Entries provided: Begin

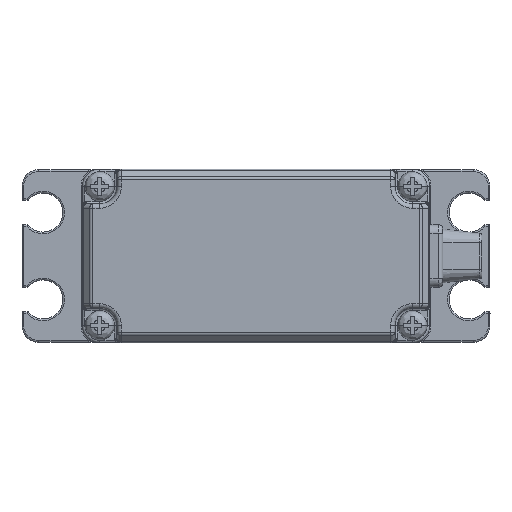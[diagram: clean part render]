
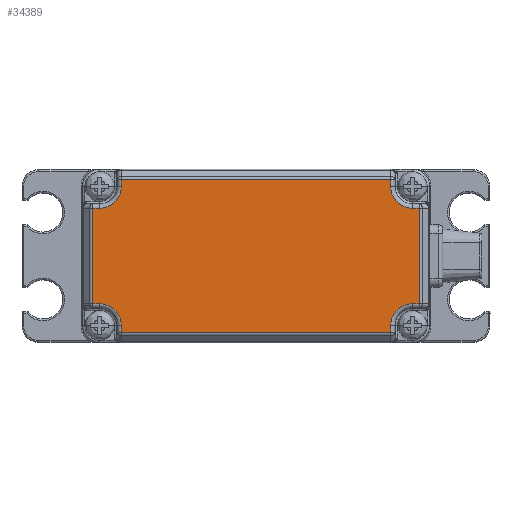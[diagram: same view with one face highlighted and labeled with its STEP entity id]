
A CAD part, front view. The second image highlights one B-rep face of the part: STEP entity #34389.
In plain terms, the highlighted planar face has unit normal (0, -1, 0).
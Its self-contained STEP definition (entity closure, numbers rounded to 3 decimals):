
#1795=DIRECTION('',(-1.,0.,-0.003));
#1796=VECTOR('',#1795,0.783);
#1797=CARTESIAN_POINT('',(18.793,-23.8,5.502));
#1798=LINE('',#1797,#1796);
#1803=CARTESIAN_POINT('',(-18.,-23.8,
8.));
#1804=DIRECTION('',(0.,-1.,0.));
#1805=DIRECTION('',(-0.004,0.,-1.));
#1806=AXIS2_PLACEMENT_3D('',#1803,#1804,#1805);
#1808=CARTESIAN_POINT('',(18.,-23.8,8.));
#1809=DIRECTION('',(0.,-1.,0.));
#1810=DIRECTION('',(-1.,0.,0.));
#1811=AXIS2_PLACEMENT_3D('',#1808,#1809,#1810);
#1813=CARTESIAN_POINT('',(18.,-23.8,
-8.));
#1814=DIRECTION('',(0.,-1.,0.));
#1815=DIRECTION('',(0.004,0.,1.));
#1816=AXIS2_PLACEMENT_3D('',#1813,#1814,#1815);
#1818=DIRECTION('',(0.,0.,-1.));
#1819=VECTOR('',#1818,0.793);
#1820=CARTESIAN_POINT('',(15.5,-23.8,-8.));
#1821=LINE('',#1820,#1819);
#1822=CARTESIAN_POINT('',(-18.,-23.8,
-8.));
#1823=DIRECTION('',(0.,-1.,0.));
#1824=DIRECTION('',(1.,0.,0.));
#1825=AXIS2_PLACEMENT_3D('',#1822,#1823,#1824);
#1827=DIRECTION('',(-1.,0.,0.002));
#1828=VECTOR('',#1827,0.783);
#1829=CARTESIAN_POINT('',(-18.01,-23.8,
5.501));
#1830=LINE('',#1829,#1828);
#1846=DIRECTION('',(0.,0.,-1.));
#1847=VECTOR('',#1846,11.005);
#1848=CARTESIAN_POINT('',(-18.793,-23.8,
5.503));
#1849=LINE('',#1848,#1847);
#1865=DIRECTION('',(1.,0.,0.003));
#1866=VECTOR('',#1865,0.783);
#1867=CARTESIAN_POINT('',(-18.793,-23.8,
-5.502));
#1868=LINE('',#1867,#1866);
#1874=DIRECTION('',(0.,0.,-1.));
#1875=VECTOR('',#1874,0.793);
#1876=CARTESIAN_POINT('',(-15.5,-23.8,
-8.));
#1877=LINE('',#1876,#1875);
#1898=DIRECTION('',(1.,0.,0.));
#1899=VECTOR('',#1898,31.);
#1900=CARTESIAN_POINT('',(-15.5,-23.8,
-8.793));
#1901=LINE('',#1900,#1899);
#1940=DIRECTION('',(1.,0.,-0.003));
#1941=VECTOR('',#1940,0.783);
#1942=CARTESIAN_POINT('',(18.01,-23.8,
-5.501));
#1943=LINE('',#1942,#1941);
#1963=DIRECTION('',(0.,0.,1.));
#1964=VECTOR('',#1963,11.006);
#1965=CARTESIAN_POINT('',(18.793,-23.8,-5.503));
#1966=LINE('',#1965,#1964);
#2176=DIRECTION('',(0.,0.,-1.));
#2177=VECTOR('',#2176,0.793);
#2178=CARTESIAN_POINT('',(-15.5,-23.8,
8.793));
#2179=LINE('',#2178,#2177);
#2218=DIRECTION('',(-1.,0.,0.));
#2219=VECTOR('',#2218,31.);
#2220=CARTESIAN_POINT('',(15.5,-23.8,8.793));
#2221=LINE('',#2220,#2219);
#2237=DIRECTION('',(0.,0.,1.));
#2238=VECTOR('',#2237,0.793);
#2239=CARTESIAN_POINT('',(15.5,-23.8,8.));
#2240=LINE('',#2239,#2238);
#28307=CARTESIAN_POINT('',(15.5,-23.8,-8.));
#28308=CARTESIAN_POINT('',(15.5,-23.8,
-8.793));
#28309=VERTEX_POINT('',#28307);
#28310=VERTEX_POINT('',#28308);
#28311=CARTESIAN_POINT('',(-18.01,-23.8,5.5));
#28312=CARTESIAN_POINT('',(-15.5,-23.8,8.));
#28313=VERTEX_POINT('',#28311);
#28314=VERTEX_POINT('',#28312);
#28315=CARTESIAN_POINT('',(15.5,-23.8,
8.));
#28316=CARTESIAN_POINT('',(18.01,-23.8,
5.5));
#28317=VERTEX_POINT('',#28315);
#28318=VERTEX_POINT('',#28316);
#28319=CARTESIAN_POINT('',(18.01,-23.8,-5.5));
#28320=VERTEX_POINT('',#28319);
#28321=CARTESIAN_POINT('',(-15.5,-23.8,
-8.));
#28322=CARTESIAN_POINT('',(-18.01,-23.8,
-5.5));
#28323=VERTEX_POINT('',#28321);
#28324=VERTEX_POINT('',#28322);
#28325=CARTESIAN_POINT('',(-18.793,-23.8,
5.503));
#28326=VERTEX_POINT('',#28325);
#28333=CARTESIAN_POINT('',(-18.793,-23.8,
-5.502));
#28334=VERTEX_POINT('',#28333);
#28341=CARTESIAN_POINT('',(-15.5,-23.8,
-8.793));
#28342=VERTEX_POINT('',#28341);
#28356=CARTESIAN_POINT('',(-15.5,-23.8,
8.793));
#28357=VERTEX_POINT('',#28356);
#28360=CARTESIAN_POINT('',(15.5,-23.8,8.793));
#28361=VERTEX_POINT('',#28360);
#28378=CARTESIAN_POINT('',(18.793,-23.8,-5.503));
#28379=VERTEX_POINT('',#28378);
#28380=CARTESIAN_POINT('',(18.793,-23.8,
5.502));
#28381=VERTEX_POINT('',#28380);
#34351=CARTESIAN_POINT('',(0.,-23.8,0.));
#34352=DIRECTION('',(0.,1.,0.));
#34353=DIRECTION('',(1.,0.,0.));
#34354=AXIS2_PLACEMENT_3D('',#34351,#34352,#34353);
#34355=PLANE('',#34354);
#34357=ORIENTED_EDGE('',*,*,#34356,.F.);
#34359=ORIENTED_EDGE('',*,*,#34358,.T.);
#34361=ORIENTED_EDGE('',*,*,#34360,.F.);
#34363=ORIENTED_EDGE('',*,*,#34362,.F.);
#34365=ORIENTED_EDGE('',*,*,#34364,.F.);
#34367=ORIENTED_EDGE('',*,*,#34366,.T.);
#34368=ORIENTED_EDGE('',*,*,#34334,.F.);
#34370=ORIENTED_EDGE('',*,*,#34369,.F.);
#34372=ORIENTED_EDGE('',*,*,#34371,.F.);
#34374=ORIENTED_EDGE('',*,*,#34373,.T.);
#34376=ORIENTED_EDGE('',*,*,#34375,.T.);
#34378=ORIENTED_EDGE('',*,*,#34377,.F.);
#34380=ORIENTED_EDGE('',*,*,#34379,.F.);
#34382=ORIENTED_EDGE('',*,*,#34381,.T.);
#34384=ORIENTED_EDGE('',*,*,#34383,.F.);
#34386=ORIENTED_EDGE('',*,*,#34385,.F.);
#34387=EDGE_LOOP('',(#34357,#34359,#34361,#34363,#34365,#34367,#34368,#34370,
#34372,#34374,#34376,#34378,#34380,#34382,#34384,#34386));
#34388=FACE_OUTER_BOUND('',#34387,.F.);
#34389=ADVANCED_FACE('',(#34388),#34355,.F.);
#1807=CIRCLE('',#1806,2.5);
#1812=CIRCLE('',#1811,2.5);
#1817=CIRCLE('',#1816,2.5);
#1826=CIRCLE('',#1825,2.5);
#34334=EDGE_CURVE('',#28381,#28318,#1798,.T.);
#34356=EDGE_CURVE('',#28313,#28326,#1830,.T.);
#34358=EDGE_CURVE('',#28313,#28314,#1807,.T.);
#34360=EDGE_CURVE('',#28357,#28314,#2179,.T.);
#34362=EDGE_CURVE('',#28361,#28357,#2221,.T.);
#34364=EDGE_CURVE('',#28317,#28361,#2240,.T.);
#34366=EDGE_CURVE('',#28317,#28318,#1812,.T.);
#34369=EDGE_CURVE('',#28379,#28381,#1966,.T.);
#34371=EDGE_CURVE('',#28320,#28379,#1943,.T.);
#34373=EDGE_CURVE('',#28320,#28309,#1817,.T.);
#34375=EDGE_CURVE('',#28309,#28310,#1821,.T.);
#34377=EDGE_CURVE('',#28342,#28310,#1901,.T.);
#34379=EDGE_CURVE('',#28323,#28342,#1877,.T.);
#34381=EDGE_CURVE('',#28323,#28324,#1826,.T.);
#34383=EDGE_CURVE('',#28334,#28324,#1868,.T.);
#34385=EDGE_CURVE('',#28326,#28334,#1849,.T.);

Entries provided: End

• **What you will do**
Print once more, exactly, the lines that start at the top of the records above and end at the line with "#1964=VECTOR('',#1963,11.006);", skipping all pictures.

• **Task answer**
[diagram: clean part render]
[diagram: same view with one face highlighted and labeled with its STEP entity id]
A CAD part, front view. The second image highlights one B-rep face of the part: STEP entity #34389.
In plain terms, the highlighted planar face has unit normal (0, -1, 0).
Its self-contained STEP definition (entity closure, numbers rounded to 3 decimals):
#1795=DIRECTION('',(-1.,0.,-0.003));
#1796=VECTOR('',#1795,0.783);
#1797=CARTESIAN_POINT('',(18.793,-23.8,5.502));
#1798=LINE('',#1797,#1796);
#1803=CARTESIAN_POINT('',(-18.,-23.8,
8.));
#1804=DIRECTION('',(0.,-1.,0.));
#1805=DIRECTION('',(-0.004,0.,-1.));
#1806=AXIS2_PLACEMENT_3D('',#1803,#1804,#1805);
#1808=CARTESIAN_POINT('',(18.,-23.8,8.));
#1809=DIRECTION('',(0.,-1.,0.));
#1810=DIRECTION('',(-1.,0.,0.));
#1811=AXIS2_PLACEMENT_3D('',#1808,#1809,#1810);
#1813=CARTESIAN_POINT('',(18.,-23.8,
-8.));
#1814=DIRECTION('',(0.,-1.,0.));
#1815=DIRECTION('',(0.004,0.,1.));
#1816=AXIS2_PLACEMENT_3D('',#1813,#1814,#1815);
#1818=DIRECTION('',(0.,0.,-1.));
#1819=VECTOR('',#1818,0.793);
#1820=CARTESIAN_POINT('',(15.5,-23.8,-8.));
#1821=LINE('',#1820,#1819);
#1822=CARTESIAN_POINT('',(-18.,-23.8,
-8.));
#1823=DIRECTION('',(0.,-1.,0.));
#1824=DIRECTION('',(1.,0.,0.));
#1825=AXIS2_PLACEMENT_3D('',#1822,#1823,#1824);
#1827=DIRECTION('',(-1.,0.,0.002));
#1828=VECTOR('',#1827,0.783);
#1829=CARTESIAN_POINT('',(-18.01,-23.8,
5.501));
#1830=LINE('',#1829,#1828);
#1846=DIRECTION('',(0.,0.,-1.));
#1847=VECTOR('',#1846,11.005);
#1848=CARTESIAN_POINT('',(-18.793,-23.8,
5.503));
#1849=LINE('',#1848,#1847);
#1865=DIRECTION('',(1.,0.,0.003));
#1866=VECTOR('',#1865,0.783);
#1867=CARTESIAN_POINT('',(-18.793,-23.8,
-5.502));
#1868=LINE('',#1867,#1866);
#1874=DIRECTION('',(0.,0.,-1.));
#1875=VECTOR('',#1874,0.793);
#1876=CARTESIAN_POINT('',(-15.5,-23.8,
-8.));
#1877=LINE('',#1876,#1875);
#1898=DIRECTION('',(1.,0.,0.));
#1899=VECTOR('',#1898,31.);
#1900=CARTESIAN_POINT('',(-15.5,-23.8,
-8.793));
#1901=LINE('',#1900,#1899);
#1940=DIRECTION('',(1.,0.,-0.003));
#1941=VECTOR('',#1940,0.783);
#1942=CARTESIAN_POINT('',(18.01,-23.8,
-5.501));
#1943=LINE('',#1942,#1941);
#1963=DIRECTION('',(0.,0.,1.));
#1964=VECTOR('',#1963,11.006);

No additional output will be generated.